Musk selbst schrieb am Montag auf seiner Plattform: «Im Vergleich zu
anderen KI-Systemen ist Grok absolut zuverlässig. Und es wird noch
viel besser werden.» Ziel der KI sei es, stets neugierig nach der
tieferen Wahrheit zu suchen und Schönheit zu schätzen.
EU-Digitalgesetze sorgen für Spannungen mit den USA
In Anbetracht der seit Jahren andauernden Ermittlungen halten
Kritiker der EU seit längerer Zeit vor, ihre Digitalregeln nicht
konsequent genug durchzusetzen. Gleichzeitig behaupten die
US-Regierung von Präsident Donald Trump wie auch Musk, Brüssel
betreibe Zensur.
Washington verhängte kurz vor Weihnachten als Reaktion auf
europäische Maßnahmen Einreiseverbote gegen mehrere Europäer.
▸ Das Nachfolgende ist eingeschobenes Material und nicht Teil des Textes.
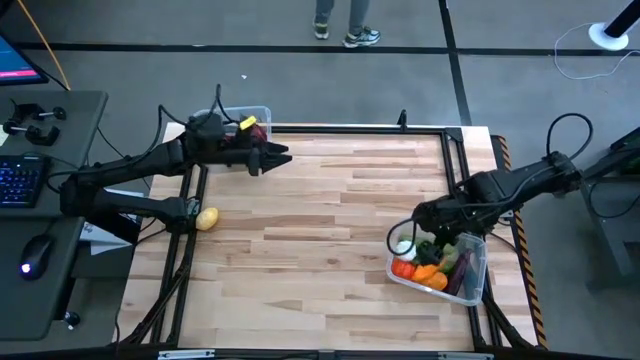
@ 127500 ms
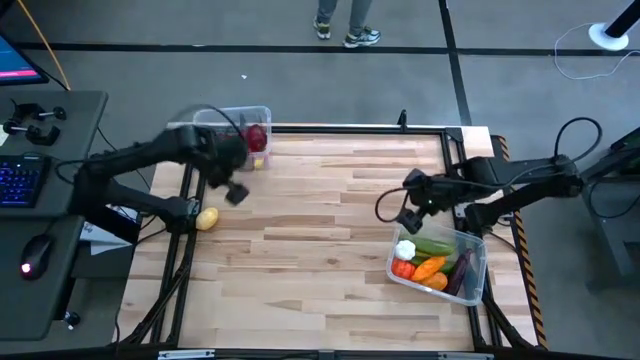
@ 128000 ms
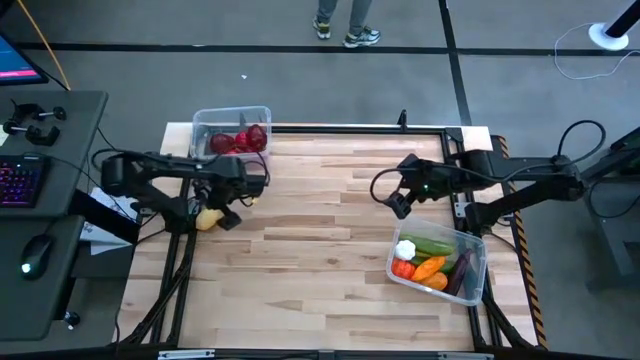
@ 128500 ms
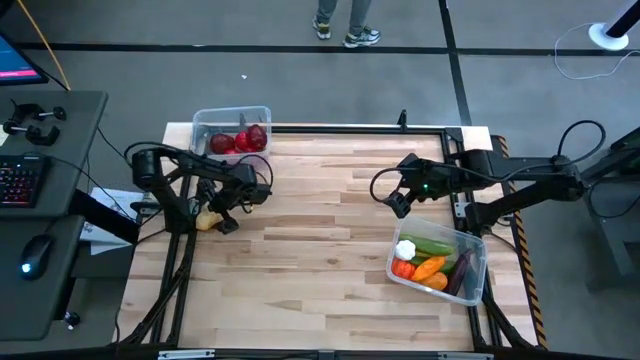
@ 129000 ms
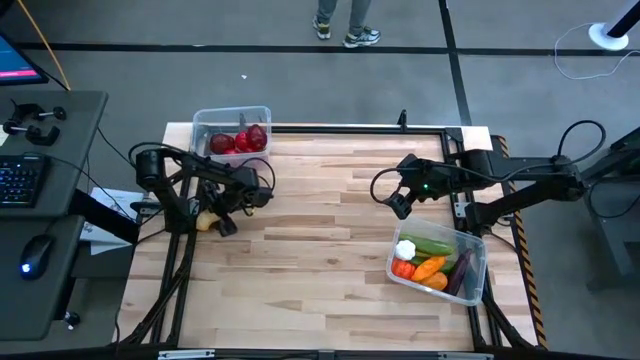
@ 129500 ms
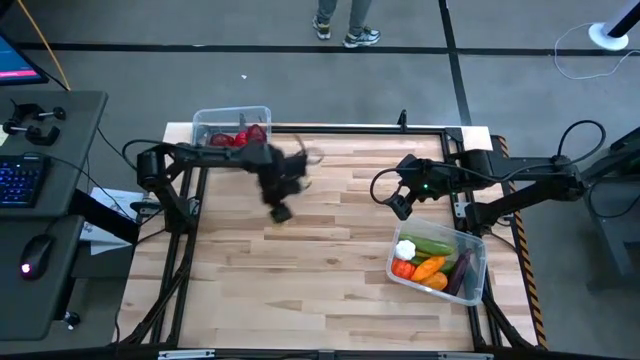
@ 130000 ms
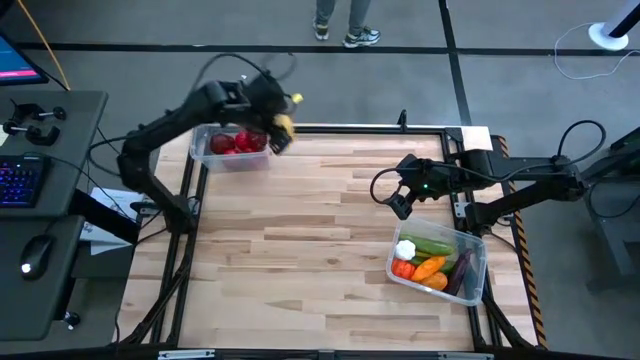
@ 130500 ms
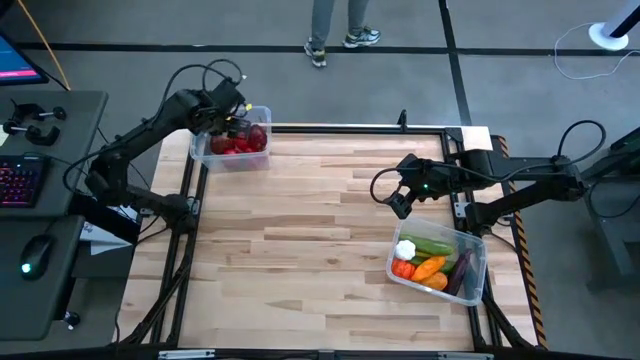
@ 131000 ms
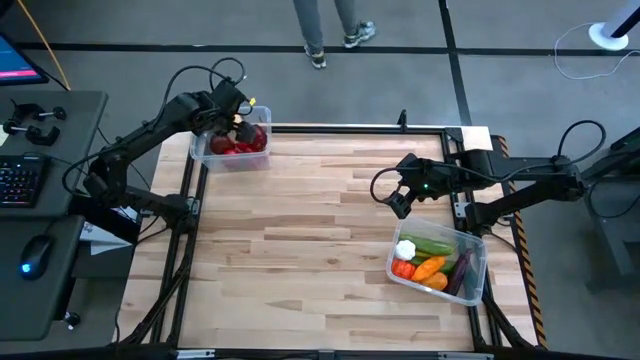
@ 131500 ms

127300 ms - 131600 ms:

Die
Sanktionen könnten auch als Warnung an die EU-Kommission von Ursula
von der Leyen verstanden werden, keine weiteren Maßnahmen zu
ergreifen.
Schwedens Ministerin: Welt braucht weniger «Arschlöcher»
Die schwedische Politikerin Busch nimmt in einem Statement besonders
die Nutzer in die Verantwortung: «Wie wäre es, wenn wir zweimal
überlegen, bevor wir KI auf diese Weise einsetzen, und darauf achten,
was wir online teilen?», fragt sie in dem Video, das sie auf X nach
dem Eklat postet. «Die Welt braucht mehr gute Männer und Frauen und
weniger Arschlöcher», fügt sie hinzu.